Don't quote me on this, but I believe POTS is typically characterized by a drop (hypo) in blood pressure when standing from a reclining position. Your BP went up, not down. And it can be accompanied by a quick elevation in heart rate. And while your heart rate did go up, it's not exactly sky-high.
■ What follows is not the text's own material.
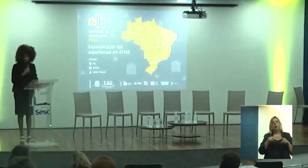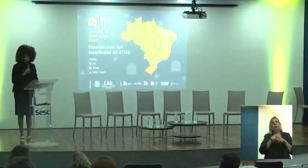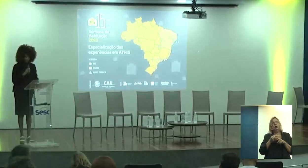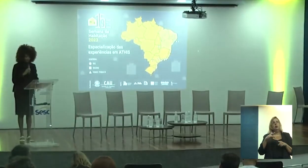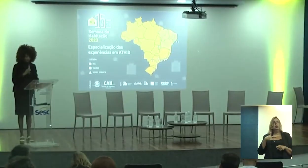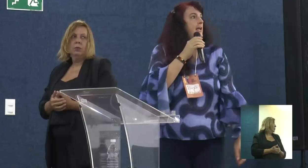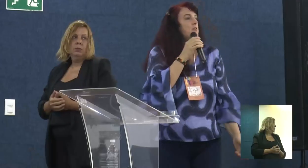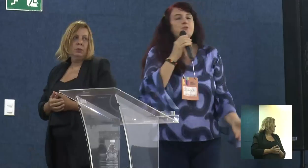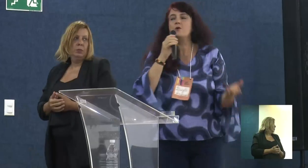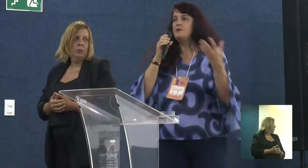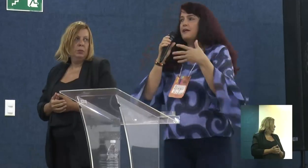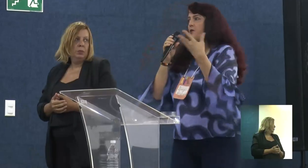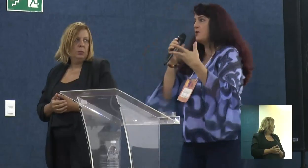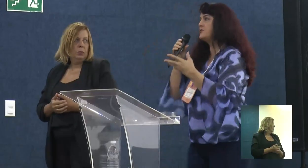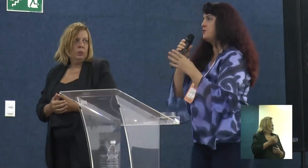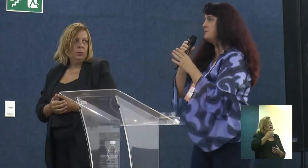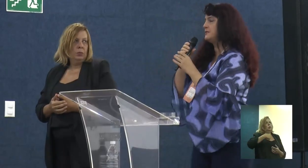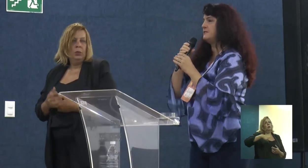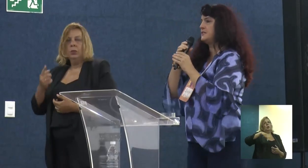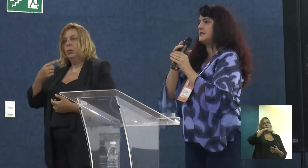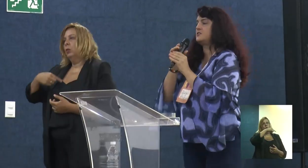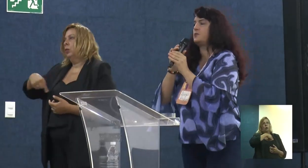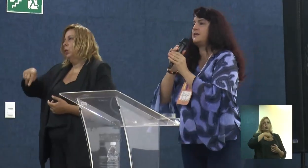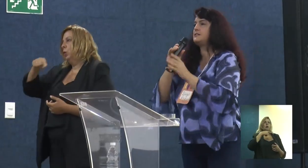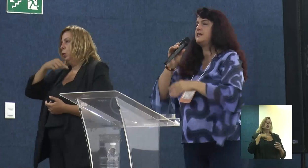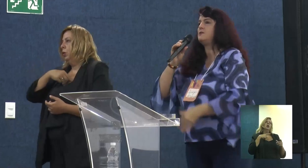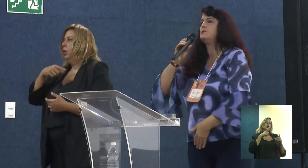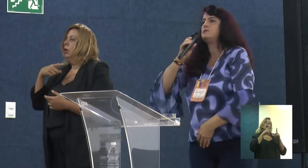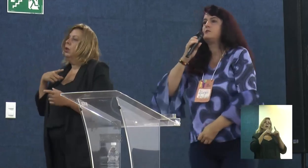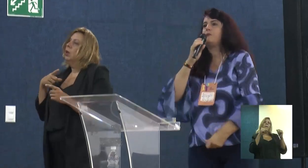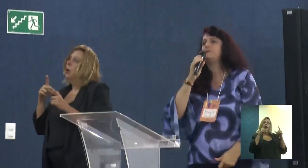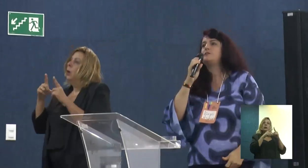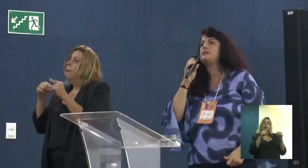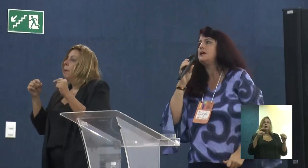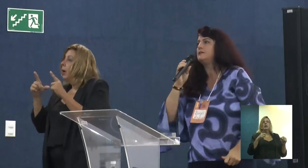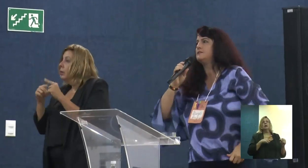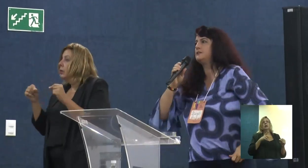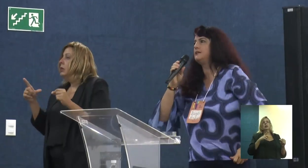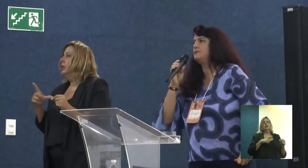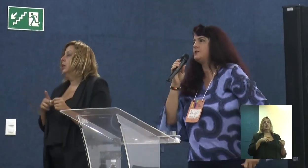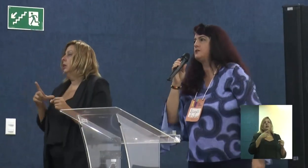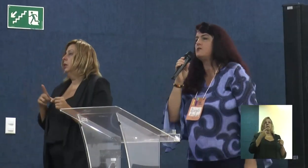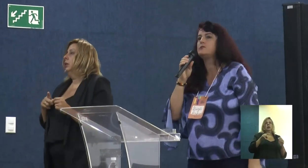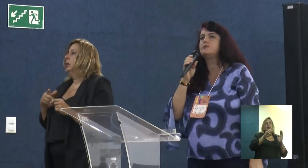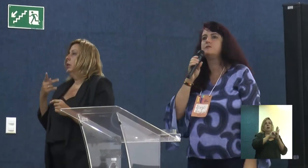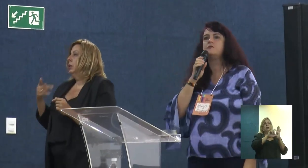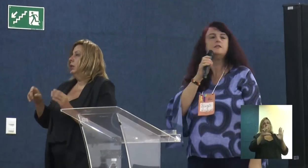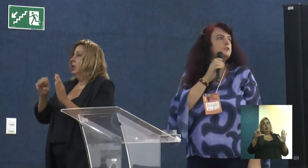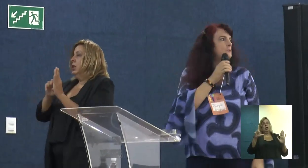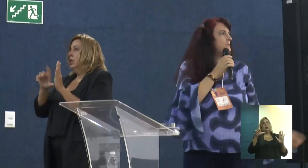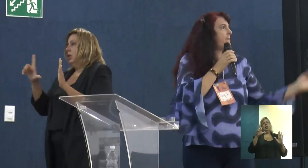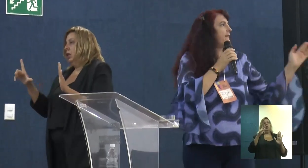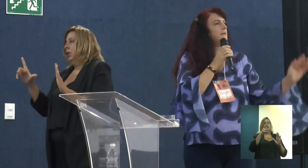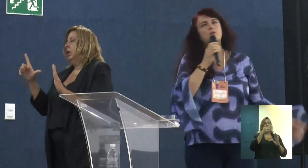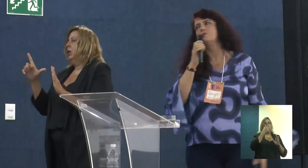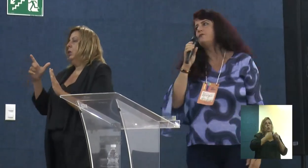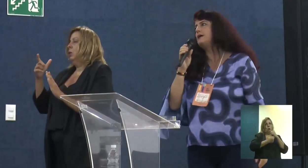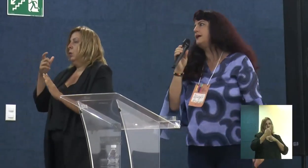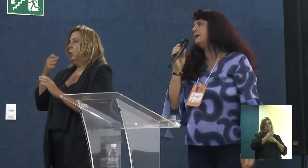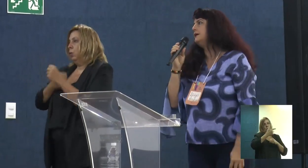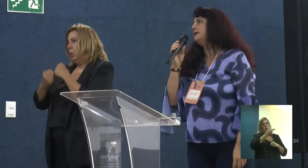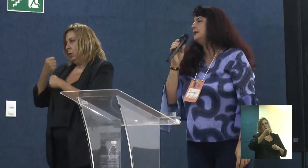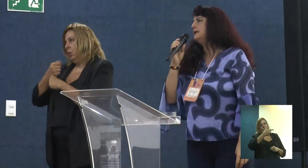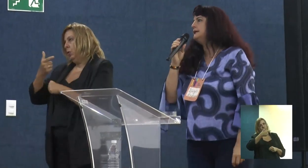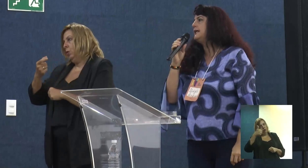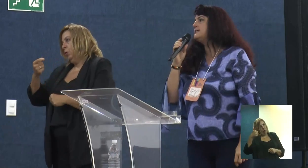Ecosistêmica. Eu sou, nós somos da Universidade de Brasília, um dos patrocinados no edital de 2021. Então eu vou

Again, one reading is not nearly enough data here.


----------



## Calypso234 (May 11, 2014)

bigfoot said:


> Yes, definitely mention that to your doctor. Lightheadedness when standing is important for them to know about.
> 
> Usual Disclaimer -- I am not a doctor, do not take any of this as medical advice. Merely my personal thoughts, comments, and opinions:
> 
> ...


Thanks for replying, yes, I will take note of the disclaimer. 

My blood pressure has never ever been anywhere near 140 or 150. On occasion, yes, but not consistently. I have included other readings when I last did them as I have done them on and off but haven't followed it through (as with most other things!)

I hadn't climbed the stairs, exercising (once that happened but I do it when relaxed and not doing anything), doing chores, rushing around or stressed, no. Thanks for recommending sites to take the blood pressure readings, will have a look.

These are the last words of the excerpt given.